# WHAT IS REQUIRED
For the records below, give the count of lines holding the word "viewBox" and nothing more.

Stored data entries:
★ ★ ★ ★ ★ ★ ★
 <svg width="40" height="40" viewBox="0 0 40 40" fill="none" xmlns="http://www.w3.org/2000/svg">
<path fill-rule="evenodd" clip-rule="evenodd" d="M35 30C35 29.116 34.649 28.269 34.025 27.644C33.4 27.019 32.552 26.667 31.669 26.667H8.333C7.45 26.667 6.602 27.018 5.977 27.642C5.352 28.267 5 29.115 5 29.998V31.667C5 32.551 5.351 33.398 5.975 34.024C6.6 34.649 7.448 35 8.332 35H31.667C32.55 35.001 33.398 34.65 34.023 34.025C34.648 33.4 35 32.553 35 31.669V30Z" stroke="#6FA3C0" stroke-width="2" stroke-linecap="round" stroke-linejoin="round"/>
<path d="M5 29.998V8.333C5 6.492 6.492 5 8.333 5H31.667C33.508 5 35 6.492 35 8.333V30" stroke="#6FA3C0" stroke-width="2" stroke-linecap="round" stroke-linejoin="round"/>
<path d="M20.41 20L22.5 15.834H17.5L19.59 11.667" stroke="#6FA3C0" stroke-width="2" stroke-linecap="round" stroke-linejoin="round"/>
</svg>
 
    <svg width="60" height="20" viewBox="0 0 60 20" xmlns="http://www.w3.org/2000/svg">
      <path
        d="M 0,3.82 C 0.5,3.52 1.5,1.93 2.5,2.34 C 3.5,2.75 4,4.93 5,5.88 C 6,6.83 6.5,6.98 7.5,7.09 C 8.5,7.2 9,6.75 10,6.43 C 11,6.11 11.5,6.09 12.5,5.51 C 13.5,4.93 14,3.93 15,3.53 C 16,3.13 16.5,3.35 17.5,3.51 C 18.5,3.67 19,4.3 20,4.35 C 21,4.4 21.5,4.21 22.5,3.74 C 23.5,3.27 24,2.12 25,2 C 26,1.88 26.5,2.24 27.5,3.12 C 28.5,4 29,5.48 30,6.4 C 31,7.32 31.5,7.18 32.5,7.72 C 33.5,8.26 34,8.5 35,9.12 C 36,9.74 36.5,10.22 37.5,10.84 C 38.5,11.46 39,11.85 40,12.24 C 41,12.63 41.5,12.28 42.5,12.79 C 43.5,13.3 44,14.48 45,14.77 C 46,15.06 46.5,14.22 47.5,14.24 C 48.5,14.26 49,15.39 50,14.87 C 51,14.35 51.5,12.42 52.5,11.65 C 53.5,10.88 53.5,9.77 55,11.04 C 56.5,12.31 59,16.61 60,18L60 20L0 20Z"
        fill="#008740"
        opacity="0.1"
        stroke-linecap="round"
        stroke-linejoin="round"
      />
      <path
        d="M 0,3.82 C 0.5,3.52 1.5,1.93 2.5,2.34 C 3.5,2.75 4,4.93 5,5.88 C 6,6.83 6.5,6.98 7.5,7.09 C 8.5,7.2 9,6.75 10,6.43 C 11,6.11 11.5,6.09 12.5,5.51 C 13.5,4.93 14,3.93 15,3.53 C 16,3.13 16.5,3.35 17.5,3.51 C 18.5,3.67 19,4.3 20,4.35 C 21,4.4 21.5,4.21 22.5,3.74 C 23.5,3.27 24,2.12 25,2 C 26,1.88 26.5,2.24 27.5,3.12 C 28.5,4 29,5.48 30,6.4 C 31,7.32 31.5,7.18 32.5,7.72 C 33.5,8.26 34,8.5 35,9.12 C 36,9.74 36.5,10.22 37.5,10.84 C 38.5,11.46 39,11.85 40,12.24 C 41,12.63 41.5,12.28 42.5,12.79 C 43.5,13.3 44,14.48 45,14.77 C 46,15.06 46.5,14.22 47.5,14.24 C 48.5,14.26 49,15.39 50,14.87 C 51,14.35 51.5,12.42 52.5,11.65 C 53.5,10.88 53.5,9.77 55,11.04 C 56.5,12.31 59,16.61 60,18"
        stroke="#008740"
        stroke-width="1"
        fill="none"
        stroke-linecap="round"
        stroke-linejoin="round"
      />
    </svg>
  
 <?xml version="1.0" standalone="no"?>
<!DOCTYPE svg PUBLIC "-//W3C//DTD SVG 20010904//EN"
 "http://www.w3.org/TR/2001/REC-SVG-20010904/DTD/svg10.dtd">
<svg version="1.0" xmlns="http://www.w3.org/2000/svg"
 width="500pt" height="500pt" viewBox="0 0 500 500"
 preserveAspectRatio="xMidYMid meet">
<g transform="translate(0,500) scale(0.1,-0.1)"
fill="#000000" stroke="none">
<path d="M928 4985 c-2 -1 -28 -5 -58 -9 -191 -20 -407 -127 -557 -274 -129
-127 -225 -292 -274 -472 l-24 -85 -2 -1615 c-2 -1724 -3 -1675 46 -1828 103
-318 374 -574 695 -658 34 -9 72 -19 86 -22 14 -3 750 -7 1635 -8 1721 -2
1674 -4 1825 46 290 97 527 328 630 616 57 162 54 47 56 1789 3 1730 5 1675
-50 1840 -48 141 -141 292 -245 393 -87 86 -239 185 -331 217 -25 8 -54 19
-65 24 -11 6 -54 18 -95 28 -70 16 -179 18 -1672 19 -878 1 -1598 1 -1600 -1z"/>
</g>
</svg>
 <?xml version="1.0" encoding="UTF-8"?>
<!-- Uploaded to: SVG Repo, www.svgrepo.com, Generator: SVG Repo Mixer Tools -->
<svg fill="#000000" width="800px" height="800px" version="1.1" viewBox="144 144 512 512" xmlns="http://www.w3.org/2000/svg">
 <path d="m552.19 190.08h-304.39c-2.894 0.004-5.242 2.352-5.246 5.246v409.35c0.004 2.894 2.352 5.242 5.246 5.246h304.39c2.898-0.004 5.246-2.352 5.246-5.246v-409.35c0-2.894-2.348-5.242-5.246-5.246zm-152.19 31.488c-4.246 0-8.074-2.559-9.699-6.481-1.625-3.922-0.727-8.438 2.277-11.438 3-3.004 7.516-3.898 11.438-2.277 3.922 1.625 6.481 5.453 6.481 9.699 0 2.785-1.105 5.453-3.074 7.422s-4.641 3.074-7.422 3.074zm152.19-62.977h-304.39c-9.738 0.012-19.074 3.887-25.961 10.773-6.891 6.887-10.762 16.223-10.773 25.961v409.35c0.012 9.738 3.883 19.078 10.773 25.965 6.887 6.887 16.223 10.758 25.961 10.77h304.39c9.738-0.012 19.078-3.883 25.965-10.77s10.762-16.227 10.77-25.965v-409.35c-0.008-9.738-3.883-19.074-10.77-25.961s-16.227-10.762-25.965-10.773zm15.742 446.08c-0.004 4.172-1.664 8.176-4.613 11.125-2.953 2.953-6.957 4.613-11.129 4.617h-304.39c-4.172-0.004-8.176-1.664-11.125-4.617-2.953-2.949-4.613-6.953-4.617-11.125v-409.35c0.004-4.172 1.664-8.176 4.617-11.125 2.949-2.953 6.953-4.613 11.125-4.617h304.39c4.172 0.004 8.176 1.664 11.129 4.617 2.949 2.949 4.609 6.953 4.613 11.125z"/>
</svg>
★ ★ ★ ★ ★ ★ ★
# YOUR RESPONSE
4